Dresden – Sonntag

Nach dem Frühstück im Hotel und dem Auschecken fuhr ich mit der Straßenbahn zum Hauptbahnhof. Von dort nahm ich die nächste Straßenbahn Richtung Schloß Pillnitz. Die Fahrt an sich war ein wenig kompliziert, da die eine Hälfte mit der Straßenbahn, die andere mit dem Bus zurückgelegt werden mußte. Der Vorteil dieser langen Fahrt war, wie es mir schon öfters in Dresden passiert war, daß man die Möglichkeit hatte, auch weniger bekannte und abgelegene Teile der Stadt zu sehen. Von der Haltestelle aus, sind es nur wenige Meter bis zu dem Busparkplatz des Schlosses und daher war sehr leicht, es zu finden, denn der Parkplatz war mehr als überfüllt.

Nachdem ich das Informationsbüro gefunden hatte, stellte sich heraus, daß nur wenige Minuten später eine Führung durch das Museum begann. Somit hatte ich noch die Möglichkeit daran teilzunehmen.

Die Führung begann in einem Teil des Gartens, war aber hauptsächlich auf das Museum ausgerichtet. Der Führer konnte in einfacher und verständlicher Weise die Geschichte des Schlosses erklären. Ebenso erklärte er kompetent die verschiedenen Exponate. Die Führung war ursprünglich auf einen Zeitraum von 90 Minuten angesetzt, dauerte aber letztlich über zwei Stunden. Dies lag nicht zuletzt an dem großen Interesse des Führers, wie auch der Besucher.

Im Anschluss an die Führung nahm ich mir ausgiebig Zeit, die großen und weitläufigen Gärten des Schlosses zu besichtigen. Passend zur Atmosphäre der Gärten spielte ein „Straßenmusiker“ auf einem Keyboard Melodien von Mozart.

Da es allerdings noch relativ früher Nachmittag war, entschloss ich mich auf dem Rückweg zum Bahnhof noch zu einem Zwischenstopp bei der so genannten gläsernen Manufaktur von VW. Durch die vollkommen aus Glas bestehende Außenfront kann von außen in das Gebäude hinein gesehen werden und auch ein kleiner Eindruck von dem erlangt werden, was von innen genau betrachtet werden kann. Der elegante Eindruck setzt sich auch in der Eingangshalle fort. Leider erfuhr ich an dem Empfangsschalter, daß zum einen das Gebäude nur im Zuge eine Führung betreten werden kann zum anderen das Fotografieren prinzipiell verboten ist. Da dies beides nicht von Interesse war, verließ ich das Gebäude wieder und setzte mein Weg, nachdem ich mir Umgebung des Gebäudes sowie des angrenzenden Parks angesehen hatte, in Richtung Hauptbahnhof fort.
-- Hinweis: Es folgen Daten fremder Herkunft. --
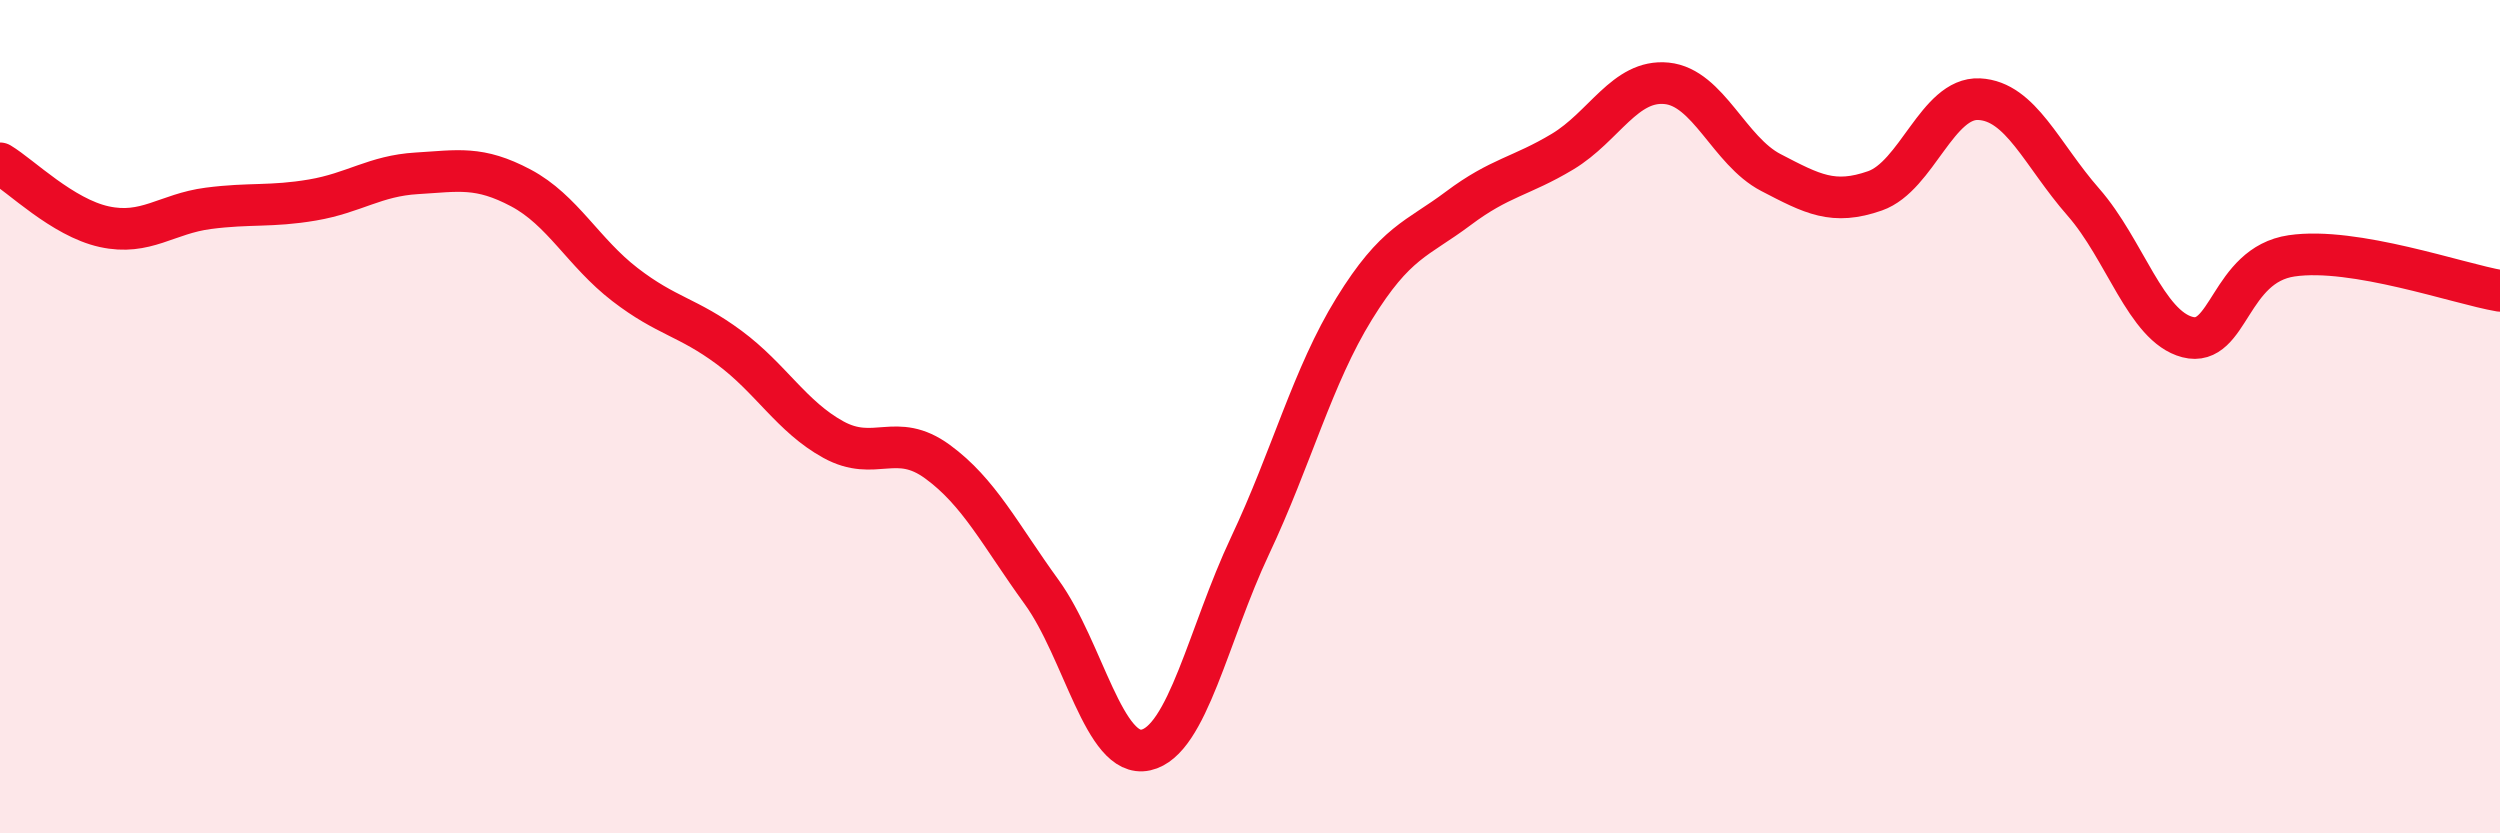 
    <svg width="60" height="20" viewBox="0 0 60 20" xmlns="http://www.w3.org/2000/svg">
      <path
        d="M 0,3.92 C 0.5,4.22 1.5,5.22 2.5,5.44 C 3.5,5.66 4,5.13 5,5 C 6,4.87 6.5,4.97 7.5,4.8 C 8.5,4.63 9,4.22 10,4.16 C 11,4.1 11.5,3.98 12.5,4.51 C 13.5,5.04 14,6.06 15,6.83 C 16,7.6 16.5,7.6 17.5,8.34 C 18.5,9.08 19,10 20,10.55 C 21,11.1 21.5,10.35 22.5,11.08 C 23.5,11.81 24,12.83 25,14.21 C 26,15.59 26.5,18.22 27.5,18 C 28.5,17.78 29,15.22 30,13.1 C 31,10.98 31.5,9.03 32.5,7.41 C 33.5,5.79 34,5.75 35,5 C 36,4.25 36.5,4.24 37.5,3.64 C 38.5,3.04 39,1.9 40,2 C 41,2.1 41.5,3.62 42.5,4.14 C 43.5,4.66 44,4.93 45,4.58 C 46,4.23 46.5,2.33 47.5,2.38 C 48.5,2.43 49,3.71 50,4.85 C 51,5.99 51.5,7.83 52.5,8.09 C 53.5,8.35 53.5,6.36 55,6.14 C 56.5,5.92 59,6.81 60,6.98L60 20L0 20Z"
        fill="#EB0A25"
        opacity="0.1"
        stroke-linecap="round"
        stroke-linejoin="round"
      />
      <path
        d="M 0,3.92 C 0.5,4.22 1.5,5.22 2.5,5.44 C 3.5,5.66 4,5.13 5,5 C 6,4.87 6.5,4.97 7.5,4.8 C 8.5,4.63 9,4.22 10,4.16 C 11,4.1 11.5,3.98 12.5,4.51 C 13.5,5.04 14,6.06 15,6.83 C 16,7.6 16.5,7.6 17.5,8.34 C 18.5,9.08 19,10 20,10.55 C 21,11.1 21.5,10.35 22.5,11.08 C 23.5,11.81 24,12.83 25,14.21 C 26,15.59 26.5,18.22 27.5,18 C 28.5,17.78 29,15.22 30,13.1 C 31,10.98 31.5,9.03 32.5,7.41 C 33.5,5.79 34,5.75 35,5 C 36,4.25 36.5,4.24 37.5,3.64 C 38.5,3.04 39,1.9 40,2 C 41,2.1 41.5,3.62 42.5,4.14 C 43.5,4.66 44,4.93 45,4.58 C 46,4.23 46.5,2.33 47.5,2.38 C 48.5,2.43 49,3.71 50,4.85 C 51,5.99 51.5,7.83 52.5,8.09 C 53.5,8.35 53.5,6.36 55,6.14 C 56.5,5.92 59,6.81 60,6.98"
        stroke="#EB0A25"
        stroke-width="1"
        fill="none"
        stroke-linecap="round"
        stroke-linejoin="round"
      />
    </svg>

Am Bahnhof angekommen, informierte ich mich über das Abfahrtgleis meines Zuges und über eventuelle Terminänderungen. Anschließend füllte deckte ich mich mit kleinen Snacks für die Rückfahrt ein. Schließlich setzte ich mich auf eine Bank am Gleis. Dort hatte ich nicht nur die Möglichkeit, die Sonne über der Stadt untergehen zu sehen sondern auch das am Hauptbahnhof gelegene Riesenrad, welches ebenfalls in hellem Licht erstrahlte, zu betrachten.

Mein Nachtzug erreichte schließlich pünktlich den Bahnhof und einer ruhigen Nacht im Liegewagen stand nichts mehr im Wege.

Als wir Berlin passierten, ergab sich die Möglichkeit, eine längerem Blick auf den allseits bekannten Berliner Fernsehturm zur richten. Dieser bietet, nächtlichen erleuchtet, einen imposanten Anblick, den man nicht so schnell vergisst.

Am Montagmorgen erreichten wir dann pünktlich den Hauptbahnhof in Köln.